To do this, libcouchbase defines an opaque lcbmetrics_METER
, which is responsible for creating lcbmetrics_VALUERECORDER
which are associated with a name and set of tags.
The lcbmetrics_VALUERECORDER
is responsible for actually recording a value for the given metric.
This corresponds to the role that OpenTelemetry uses for opentelemetry::metrics::Meter
and opentelemetry::metrics::ValueRecorder
respectively.
Using OpenTelemetry Metrics reporting
There is a full example for using OpenTelemetry here. Let’s go through the steps involved.
We will want to use an opentelemetry::metrics::Meter
.
To do that, we will need a provider and a controller, which will also require an exporter and processor.
// Initialize and set the global MeterProvider
auto provider = opentelemetry::nostd::shared_ptr<opentelemetry::metrics::MeterProvider>(new opentelemetry::sdk::metrics::MeterProvider());
// Create a new Meter from the MeterProvider
auto ot_meter = provider->GetMeter("Test", "0.1.0");
// Create the controller with Stateless Metrics Processor, outputting to stdout every 5 seconds
opentelemetry::sdk::metrics::PushController controller(
ot_meter,
std::unique_ptr<opentelemetry::sdk::metrics::MetricsExporter>(new opentelemetry::exporter::metrics::OStreamMetricsExporter()),
std::shared_ptr<opentelemetry::sdk::metrics::MetricsProcessor>(new opentelemetry::sdk::metrics::UngroupedMetricsProcessor(true)),
5);
Next, you need to define the required callbacks that create a recorder, destroy it, and record values:
struct otel_recorder {
nostd::shared_ptr<apimetrics::BoundValueRecorder<int>> recorder;
};
void record_callback(const lcbmetrics_VALUERECORDER *recorder, uint64_t val)
{
otel_recorder *ot = nullptr;
lcbmetrics_valuerecorder_cookie(recorder, reinterpret_cast<void **>(&ot));
// the value is the latency, in ns. Lets report in us throughout.

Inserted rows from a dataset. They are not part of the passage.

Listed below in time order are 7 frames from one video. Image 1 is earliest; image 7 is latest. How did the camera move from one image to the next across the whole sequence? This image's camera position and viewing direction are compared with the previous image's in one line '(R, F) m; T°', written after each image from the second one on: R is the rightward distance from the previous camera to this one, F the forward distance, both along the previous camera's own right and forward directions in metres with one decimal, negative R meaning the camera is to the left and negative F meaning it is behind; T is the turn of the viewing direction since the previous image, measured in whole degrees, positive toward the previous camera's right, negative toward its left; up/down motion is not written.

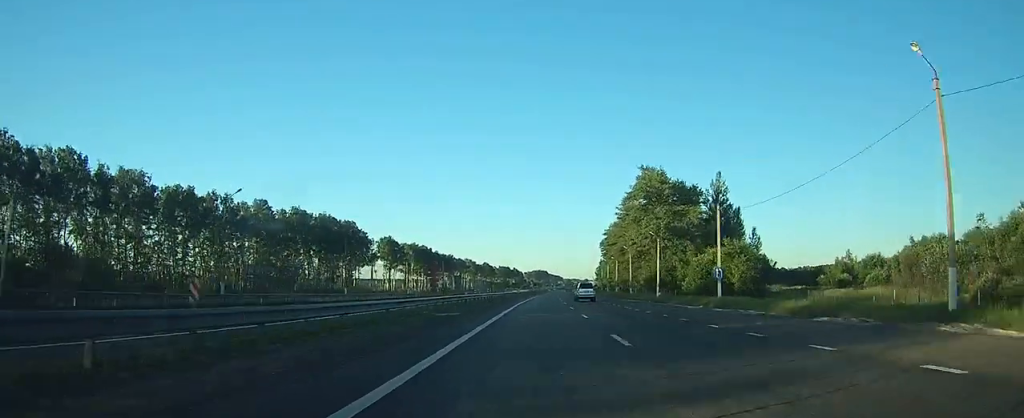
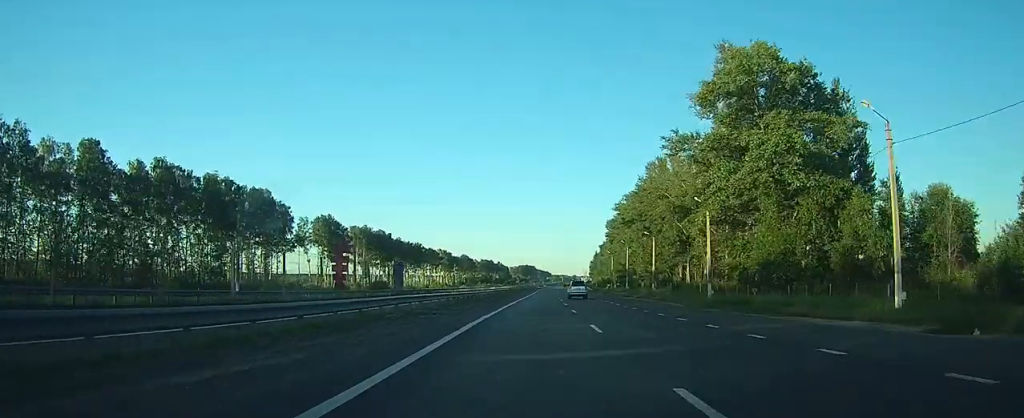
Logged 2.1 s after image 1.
(+0.4, +56.6) m; +1°
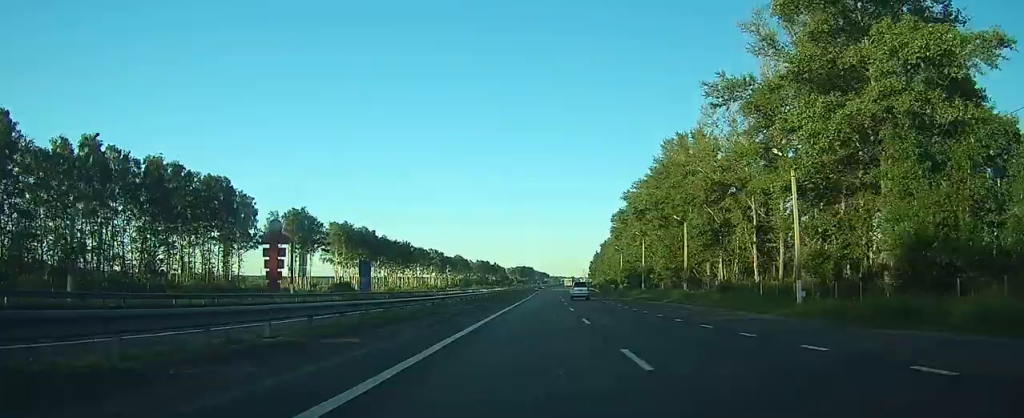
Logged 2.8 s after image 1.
(+0.1, +19.0) m; 0°
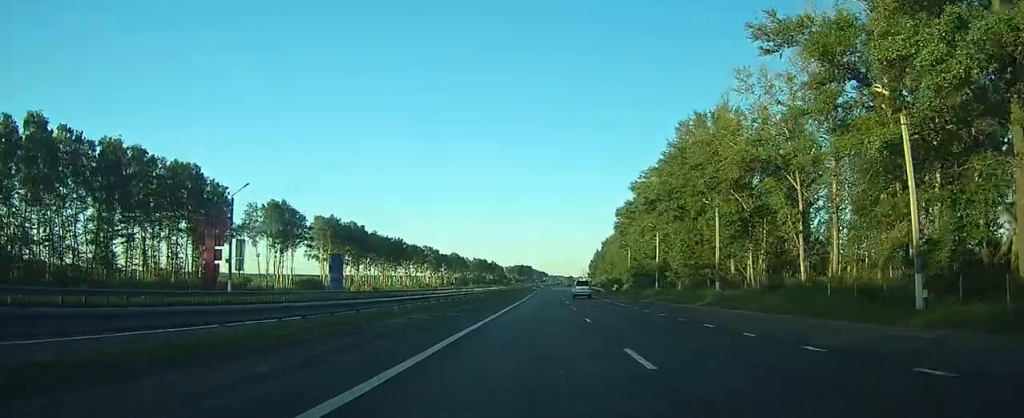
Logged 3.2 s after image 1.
(0.0, +11.8) m; 0°
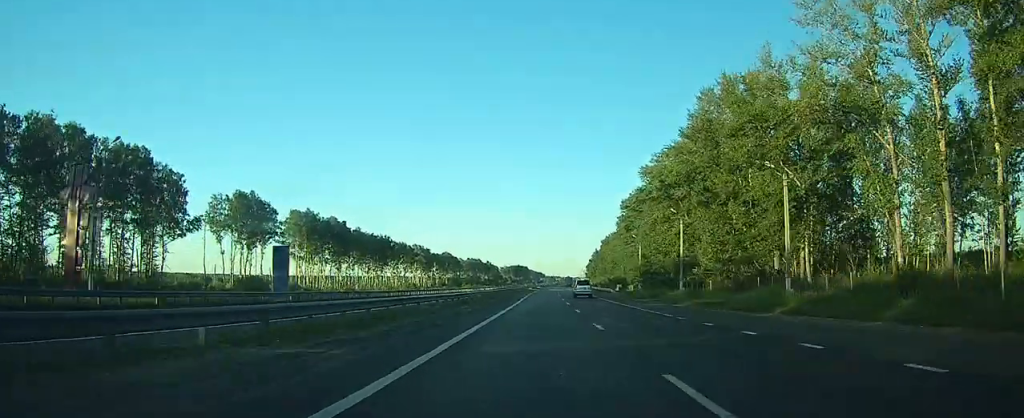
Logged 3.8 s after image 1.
(0.0, +15.5) m; 0°
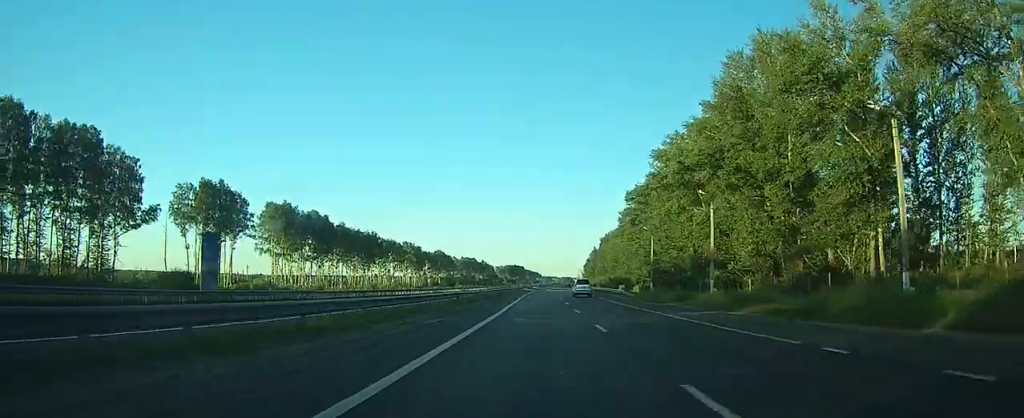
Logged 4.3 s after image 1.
(0.0, +12.8) m; 0°
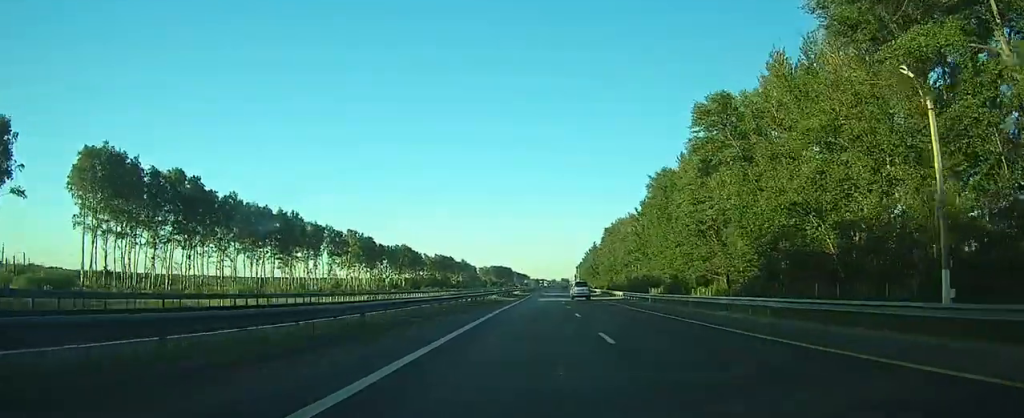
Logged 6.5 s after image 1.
(+0.5, +62.7) m; +1°

ot->recorder->record(val / 1000);
}
void record_dtor(const lcbmetrics_VALUERECORDER *recorder)
{
otel_recorder *ot = nullptr;
lcbmetrics_valuerecorder_cookie(recorder, reinterpret_cast<void **>(&ot));
delete ot;
}
static const lcbmetrics_VALUERECORDER *new_recorder(const lcbmetrics_METER *meter, const char *name,
const lcbmetrics_TAG *tags, size_t ntags)
{
nostd::shared_ptr<metrics_api::Meter> *ot_meter = nullptr;
lcbmetrics_meter_cookie(meter, reinterpret_cast<void **>(&ot_meter));
// convert the tags array to a map for the KeyValueIterableView
std::map<std::string, std::string> keys;
for (int i = 0; i < ntags; i++) {
keys[tags[i].key] = tags[i].value;
}
auto *ot = new otel_recorder();
if (!counter) {
counter = (*ot_meter)->NewIntValueRecorder(name, "oltp_metrics example", "us", true);
}
ot->recorder = counter->bindValueRecorder(opentelemetry::common::KeyValueIterableView<decltype(keys)>{keys});
lcbmetrics_VALUERECORDER *recorder;
lcbmetrics_valuerecorder_create(&recorder, static_cast<void *>(ot));
lcbmetrics_valuerecorder_record_value_callback(recorder, record_callback);
lcbmetrics_valuerecorder_dtor_callback(recorder, record_dtor);
return recorder;
}
Now you need to create an lcbmetrics_METER
and pass it into the connection options:
lcb_CREATEOPTS *options;
lcbmetrics_METER *meter = nullptr;
std::string connection_string = "couchbase://127.0.0.1";
std::string username = "Administrator";
std::string password = "password";
// create meter
lcbmetrics_meter_create(&meter, &ot_meter);
lcbmetrics_meter_value_recorder_callback(meter, new_recorder);
controller.start();
// put meter in create options, create instance.
lcb_createopts_create(&options, LCB_TYPE_CLUSTER);
lcb_createopts_connstr(options, connection_string.data(), connection_string.size());
lcb_createopts_credentials(options, username.data(), username.size(), password.data(), password.size());
lcb_createopts_meter(options, meter);
lcb_create(&instance, options);
lcb_createopts_destroy(options);
At this point the SDK is using OpenTelemetry metrics and will emit them to the exporter.